Apr/074
HP ProCurve: Network Loop Detection
Today in the morning – worst case I can expect when updating some switches firmware, but read yourself:
Updated 4 client switches (ProCurve 2848) firmware. Everything worked fine before and after the update. Just 1 hour after the update, Nagios reported first servers as down, some went up and down again. Then my Outlook and Firefox began with flapping state, some other colleagues reported problems too. Firmware update and 1 hour ago problems in LAN? => Firmware was on primary image at the switches, tried to restore firmware from secondary image. SSH sessions terminated and terminated again, went to server room. Looked at the switches => Status lights blinked like disco. Heavy traffic? NoNo… Connected Notebook to Serial Port, watched at the logs => “Excessive Broadcasts”. Although restored the firmware version, booted the switches, problems occured furthermore. Disconnected all uplinks from backbone switches and connected one by one.

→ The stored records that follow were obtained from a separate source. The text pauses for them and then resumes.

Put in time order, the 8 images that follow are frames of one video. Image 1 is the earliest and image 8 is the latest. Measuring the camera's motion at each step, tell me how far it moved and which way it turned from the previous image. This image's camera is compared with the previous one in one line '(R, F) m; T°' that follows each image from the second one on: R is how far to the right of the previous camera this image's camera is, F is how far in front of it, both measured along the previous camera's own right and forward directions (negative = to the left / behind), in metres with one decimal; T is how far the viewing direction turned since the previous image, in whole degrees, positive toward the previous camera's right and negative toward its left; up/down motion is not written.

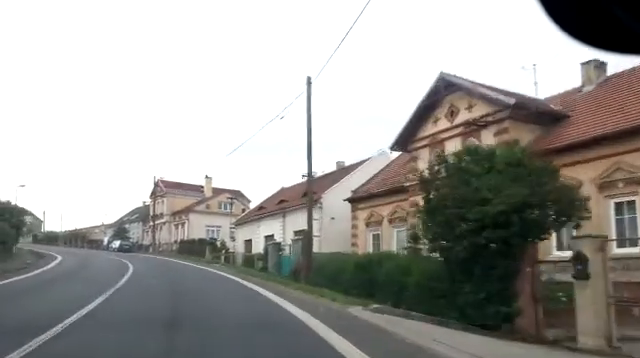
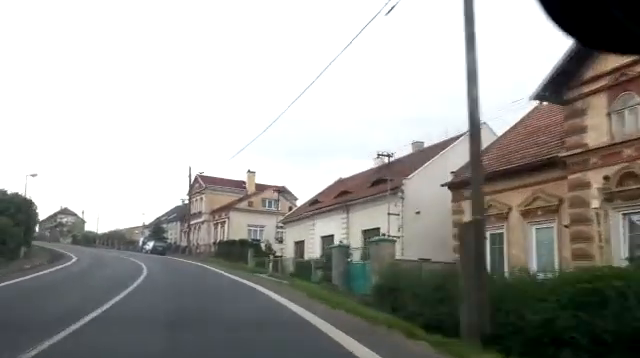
(-0.6, +8.4) m; -4°
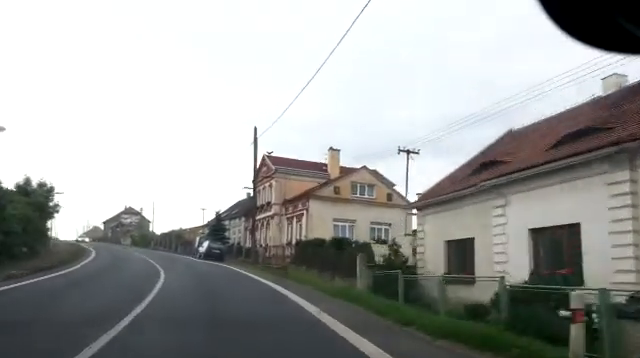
(0.0, +16.1) m; -1°
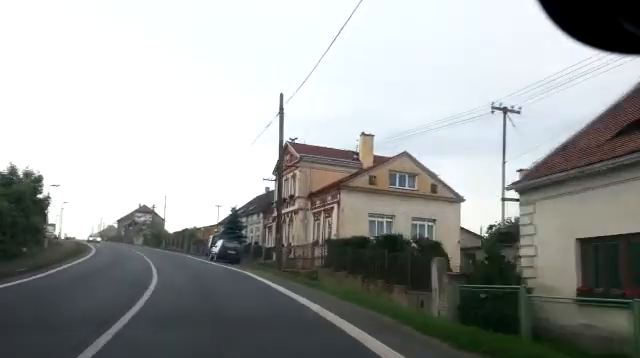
(-0.1, +6.2) m; -2°
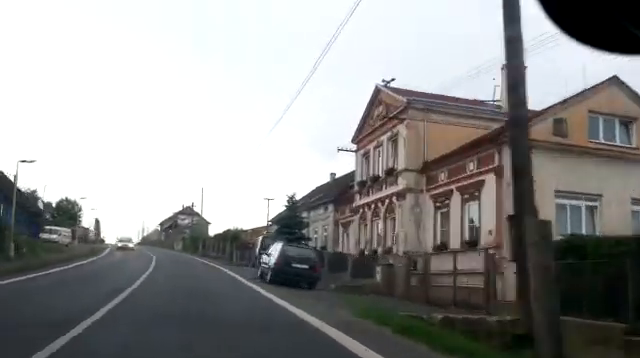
(-0.6, +16.0) m; -5°
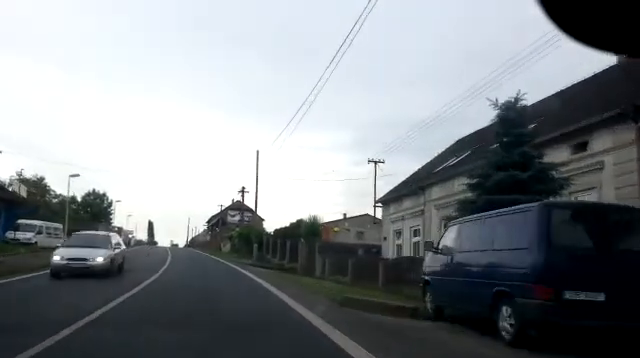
(-1.1, +22.5) m; -7°
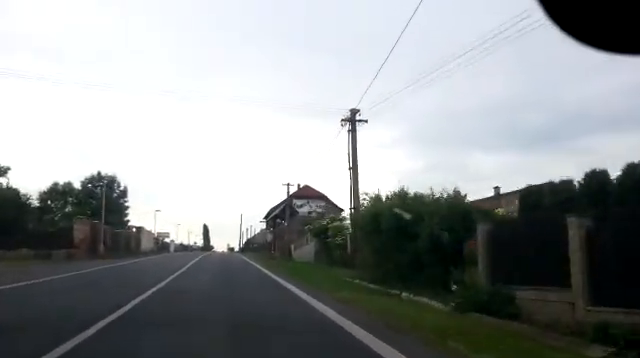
(-2.8, +32.2) m; -6°
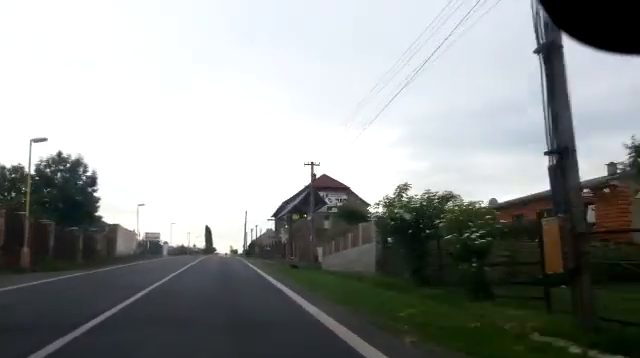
(+0.1, +14.3) m; -2°

One switch was at high load without uplink, had a look at the logs, 2 ports Excessive Broadcasting => LOOP! Damn bad situation, firmware update and some minutes ago a loop in the network. It was the first time this happened.
Now I’m looking for a solution to get this broadcast problems reported or get this ports automaticaly disabled by the switches. Quickly searched the net, found some options:
fault-finder bad-driver sensitivity high
fault-finder bad-transceiver sensitivity high
fault-finder bad-cable sensitivity high
fault-finder too-long-cable sensitivity high
fault-finder over-bandwidth sensitivity high
fault-finder broadcast-storm sensitivity high
fault-finder loss-of-link sensitivity high
fault-finder duplex-mismatch-HDx sensitivity high
fault-finder duplex-mismatch-FDx sensitivity high
Default they all are (and were in my case) set to “medium”.
Seems the options only set the sensitivity level of detecting and logging the problems.
Then I spoted something much more interesting in the documentation of some other (newer) HP switches: loop-protect:
Usage: [no] loop-protect <…> [[ethernet] PORT-LIST [receiver-action <send-disable|no-disable>]| [transmit-interval <1-10>]| [disable-period <0-604800>]| [trap <loop-detected>] Description: Configure Loop protection on the switch. Parameters:
- ethernet PORT-LIST Port(s) to configure loop protection on. By default loop protection is disabled on a port
- receiver-action Sets the loop detected action per port. When a loop is detected the port that received the loop protection packet determines the action taken. If send-disable is selected the port that transmitted the packet will be disabled. If no-disable is selected, the port will not be disabled. The default action is ‘send-disable’.
- trap <loop-detected> Configure Loop protection traps. The following traps are generated by Loop protection – ‘loop-detected’ signifies that a loop was detected on a port.
- disable-timer <0-604800> (default:0) Sets the time in seconds to disable a port for when a loop has been detected. A value of 0 disables the auto reenable functionality. By default the timer is disabled.
- transmit-interval <1-10> (default:5) Time in seconds between transmission of loop protection packets.
Here some interesting Links:
- HP Forums: Excessive Broadcast Problem with Procurve 2626
- HP Forums: switch loops
- 5300xl Release Notes (Page 47)
- 6200,5400,3500 CLI Reference Guide
Have to watch some additionaly documentations for this feature – I still have some questions:
- Do the switches only detect loops on themselfes or loops with ports on other switches too?
- Is this feature new? It is tested enough to give it a try in a productive network?
- Are there known issues?
I’ll watch for this feature at the ProCurve 2848 tomorrow. Hope it is there (Maybe not in the old but in the new firmware?), this option looks really nice. Sending traps would be nice, so i could send them to Nagios, check the switches for that traps to alert the admins when some traps like them occur.




























08:36 on April 21st, 2008
how to verify whether our loop-protection is working correctly or not in the 5400 switches..?
12:00 on April 21st, 2008
I think the best way to verify is to manualy produce a loop. If your loop protection is properly configured you can do this in a productive envoirnment.
I tested the loop protection by watching the logfile while plugging both ends of a cable in the same switch. The loop should be detected/logged within less than 5 seconds (transmit-interval).
Beware: If the loop is not detectet, unplug the cable fast to not get your switch out of service..
16:21 on August 19th, 2008
We are using loop-protect and it works fine.